▶ **What you should do**: Go through the entries below and collect each line with the string "Spot" in it.

▶ **Entries taken from a collection**:
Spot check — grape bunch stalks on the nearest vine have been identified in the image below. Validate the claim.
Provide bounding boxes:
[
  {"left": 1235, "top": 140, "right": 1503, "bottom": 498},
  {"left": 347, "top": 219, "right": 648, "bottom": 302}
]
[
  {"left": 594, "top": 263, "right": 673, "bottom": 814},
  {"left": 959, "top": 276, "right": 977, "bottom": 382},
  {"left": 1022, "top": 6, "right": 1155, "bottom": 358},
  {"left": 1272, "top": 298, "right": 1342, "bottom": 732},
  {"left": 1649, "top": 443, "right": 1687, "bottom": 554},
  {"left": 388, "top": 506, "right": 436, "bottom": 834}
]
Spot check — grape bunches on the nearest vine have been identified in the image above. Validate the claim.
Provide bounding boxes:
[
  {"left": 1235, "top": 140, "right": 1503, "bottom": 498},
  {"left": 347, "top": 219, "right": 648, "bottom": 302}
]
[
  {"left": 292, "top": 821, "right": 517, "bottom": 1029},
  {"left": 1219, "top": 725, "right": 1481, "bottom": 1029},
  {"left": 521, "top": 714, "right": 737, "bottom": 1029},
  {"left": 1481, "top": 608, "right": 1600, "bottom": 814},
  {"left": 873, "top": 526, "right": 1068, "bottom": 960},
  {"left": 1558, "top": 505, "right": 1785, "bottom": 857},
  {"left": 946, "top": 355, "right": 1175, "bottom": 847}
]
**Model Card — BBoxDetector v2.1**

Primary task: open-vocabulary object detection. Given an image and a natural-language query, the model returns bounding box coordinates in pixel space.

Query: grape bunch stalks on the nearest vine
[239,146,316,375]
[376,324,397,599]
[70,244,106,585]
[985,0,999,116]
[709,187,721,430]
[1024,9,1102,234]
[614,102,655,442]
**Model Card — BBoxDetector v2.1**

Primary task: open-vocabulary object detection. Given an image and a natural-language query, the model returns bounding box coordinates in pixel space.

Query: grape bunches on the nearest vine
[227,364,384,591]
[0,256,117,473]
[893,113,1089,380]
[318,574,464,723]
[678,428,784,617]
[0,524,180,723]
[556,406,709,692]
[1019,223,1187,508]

--

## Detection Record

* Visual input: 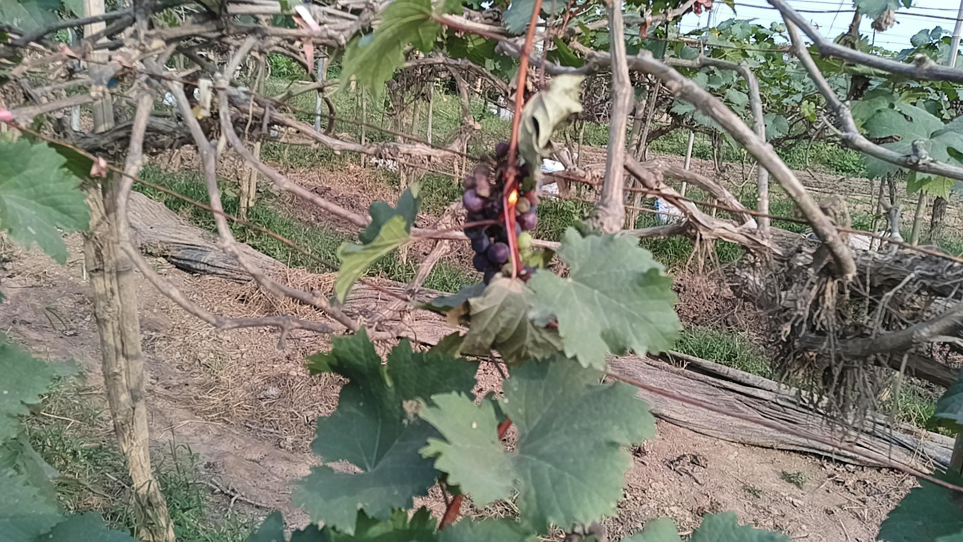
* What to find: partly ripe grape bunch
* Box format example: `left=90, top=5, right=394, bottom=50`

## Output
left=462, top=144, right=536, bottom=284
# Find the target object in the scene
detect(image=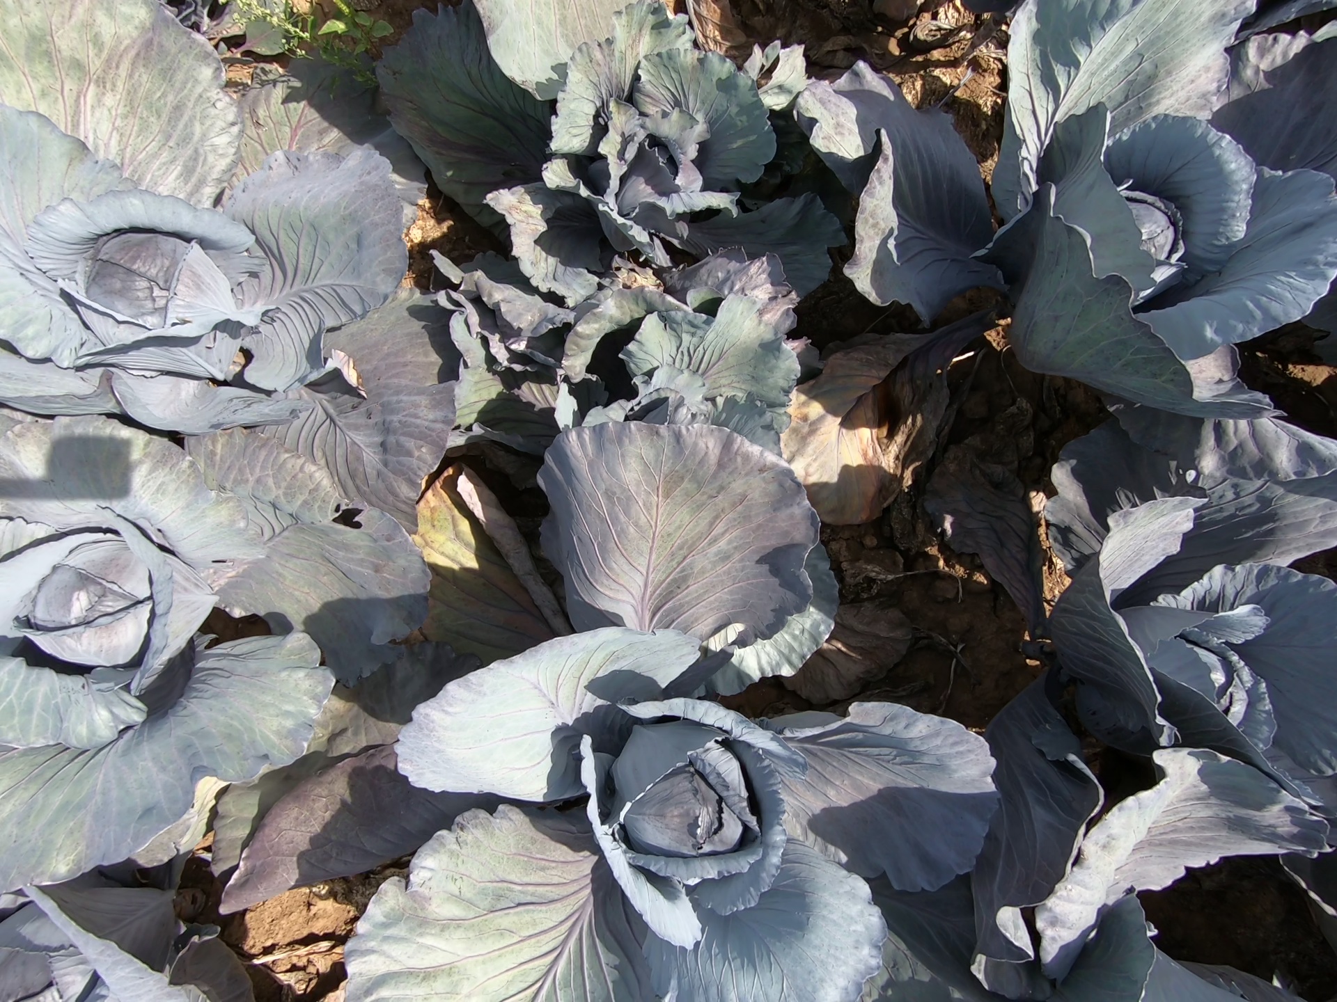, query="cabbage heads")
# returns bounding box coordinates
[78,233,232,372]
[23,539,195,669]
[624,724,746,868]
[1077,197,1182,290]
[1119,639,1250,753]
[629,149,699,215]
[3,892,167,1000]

---

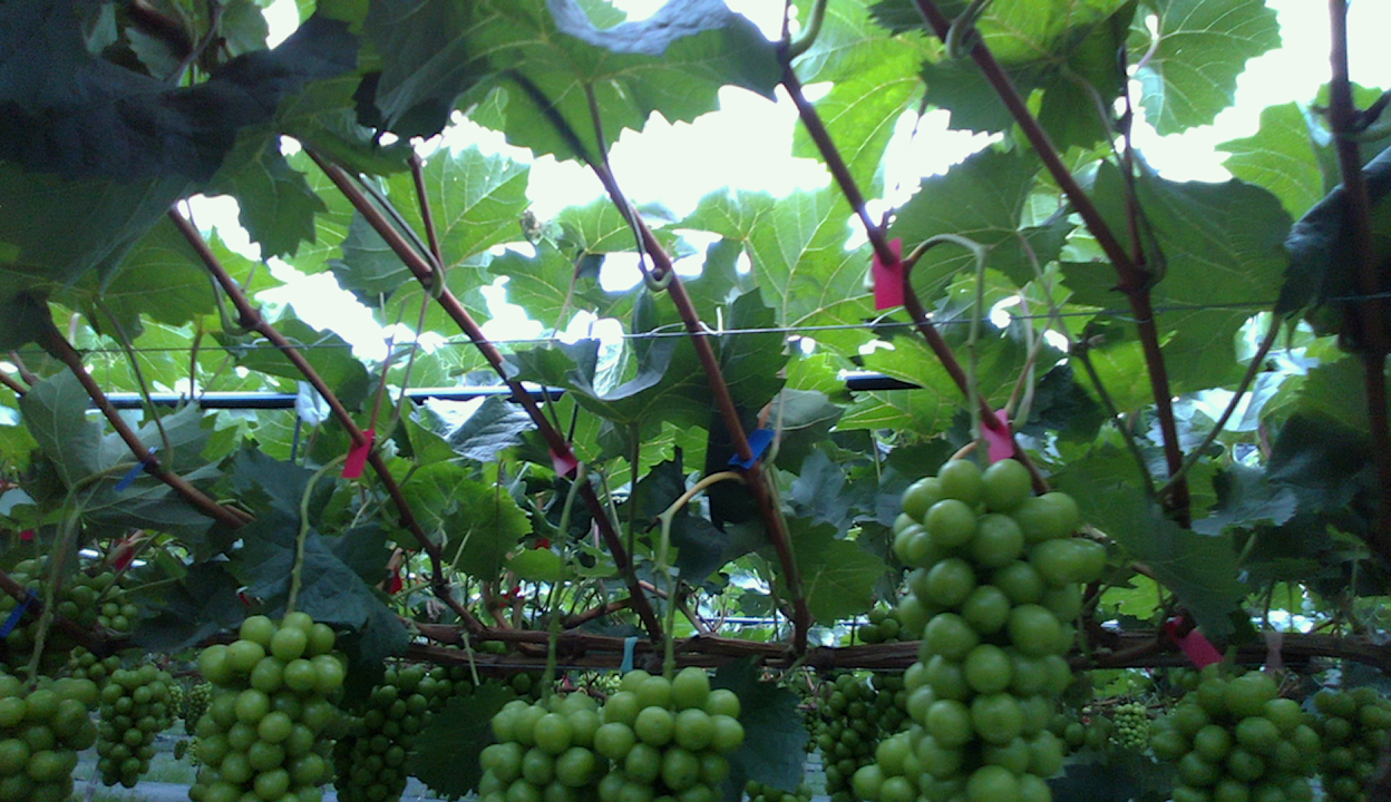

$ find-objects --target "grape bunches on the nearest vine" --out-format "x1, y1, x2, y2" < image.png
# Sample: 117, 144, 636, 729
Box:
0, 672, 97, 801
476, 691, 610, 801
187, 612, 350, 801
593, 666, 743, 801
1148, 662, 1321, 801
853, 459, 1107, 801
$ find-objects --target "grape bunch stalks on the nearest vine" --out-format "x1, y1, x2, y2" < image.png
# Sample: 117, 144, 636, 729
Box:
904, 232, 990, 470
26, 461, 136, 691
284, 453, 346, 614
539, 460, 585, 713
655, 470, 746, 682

▶ **Solution**:
Spot check — grape bunch stalks on the nearest vine have been identified in the image below. Validate the claim.
Spot check — grape bunches on the nearest vine have been identified in the image above. Validate the claim.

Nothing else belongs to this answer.